The only thing that would make x irrational is that square root. So let's focus on that.

`sqrt(4+4(m^2-1)) = sqrt(4(1+m^2-1))=sqrt(4m^2)=2m`

How nice!

`x=(-2+-2m)/2=-1+-m`

So the roots are not only rational multiples of m, but they are specifically m-1 and -m-1.

2

.`(p^2+q^2)x^2+2q(p+r)x+(q^2+r^2)=0`

Let's use the quadratic formula, eh?

`x = (-2q(p+r)+-sqrt(4q^2(p+r)^2-4(p^2+q^2)(q^2+r^2)))/(2(p^2+q^2))`

We're told the function has real roots. So the value under the square root must be positive (or zero). So...

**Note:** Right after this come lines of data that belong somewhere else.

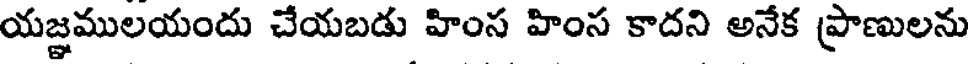
యజ్ఞములయందు చేయబడు హింస హింస కాదని అనేక ప్రాణులను
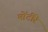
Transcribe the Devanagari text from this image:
मोंटीरे
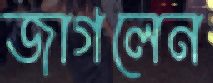
জাগলেন
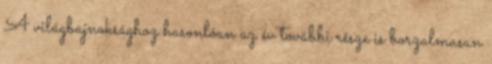
A világbajnoksághoz hasonlóan az év további része is borzalmasan
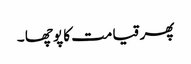
پھر قیامت کا پوچھا ۔
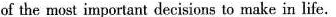
of the most important decisions to make in life.
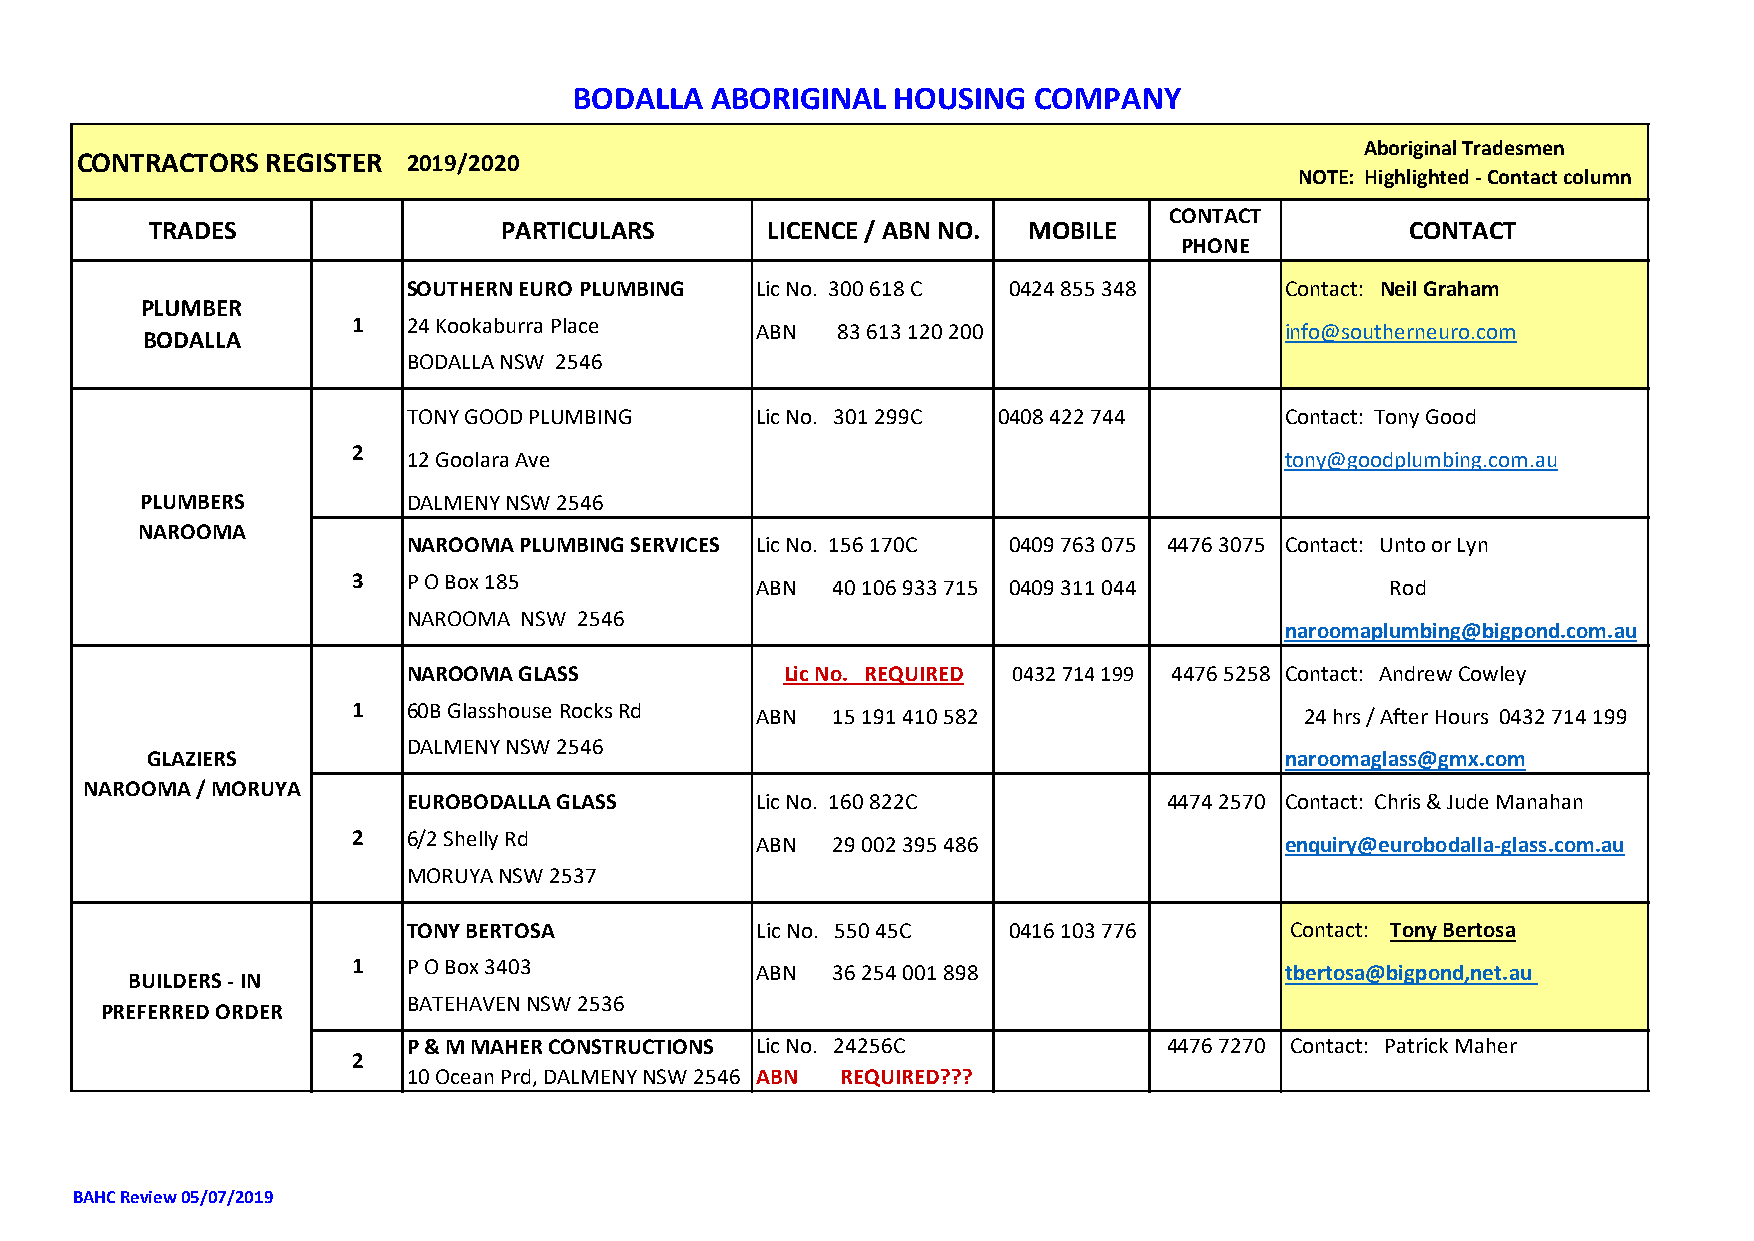
BODALLA  ABORIGINAL  HOUSING  COMPANY
 ABN 94 001 555 344
 Aboriginal Tradesmen
 CONTRACTORS  REGISTER 2019/2020
 NOTE: Highlighted - Contact column
 CONTACT
 TRADES                 PARTICULARS       LICENCE / ABN NO. MOBILE                  CONTACT
 PHONE
 SOUTHERN EURO PLUMBING Lic No. 300 618 C 0424 855 348     Contact: Neil Graham
 PLUMBER
 1   24 Kookaburra Place    ABN  83 613 120 200                info@southerneuro.com
 BODALLA
 BODALLA NSW 2546
 TONY GOOD PLUMBING     Lic No. 301 299C 0408 422 744      Contact: Tony Good
 2   12 Goolara Ave                                            tony@goodplumbing.com.au
 PLUMBERS          DALMENY NSW 2546
 NAROOMA
 NAROOMA PLUMBING SERVICES Lic No. 156 170C 0409 763 075 4476 3075 Contact: Unto or Lyn
 3   P O Box 185            ABN  40 106 933 715 0409 311 044          Rod
 NAROOMA NSW 2546
 naroomaplumbing@bigpond.com.au
 NAROOMA GLASS            Lic No. REQUIRED 0432 714 199 4476 5258 Contact: Andrew Cowley
 1   60B Glasshouse Rocks Rd ABN 15 191 410 582                 24 hrs / After Hours 0432 714 199
 DALMENY NSW 2546
 GLAZIERS                                                                   naroomaglass@gmx.com
 NAROOMA / MORUYA
 EUROBODALLA GLASS      Lic No. 160 822C           4474 2570 Contact: Chris & Jude Manahan
 2   6/2 Shelly Rd          ABN  29 002 395 486                enquiry@eurobodalla-glass.com.au
 MORUYA NSW 2537
 TONY BERTOSA           Lic No. 550 45C  0416 103 776      Contact: Tony Bertosa
 1   P O Box 3403           ABN  36 254 001 898                tbertosa@bigpond,net.au
 BUILDERS - IN
 BATEHAVEN NSW 2536
 PREFERRED ORDER
 P & M MAHER CONSTRUCTIONS Lic No. 24256C          4476 7270 Contact: Patrick Maher
 2
 10 Ocean Prd, DALMENY NSW 2546 ABN REQUIRED???
 BAHC Review 05/07/2019

`4q^2(p+r)^2>=4(p^2+q^2)(q^2+r^2)`

Cancel the 4s and multiply this stuff out

`q^2(p^2+2pr+r^2)>=p^2q^2+p^2r^2+q^4+q^2r^2`

`q^2p^2+2prq^2+q^2r^2>=p^2q^2+p^2r^2+q^4+q^2r^2`

Subtract like quantities from both sides

`2prq^2>=p^2r^2+q^4`

`0>=p^2r^2-2prq^2+q^4`

`0>=(pr-q^2)^2`

A square number cannot be less than zero, so it must be equal to zero.

`0=(pr-q^2)^2`

And I think you can take it from there.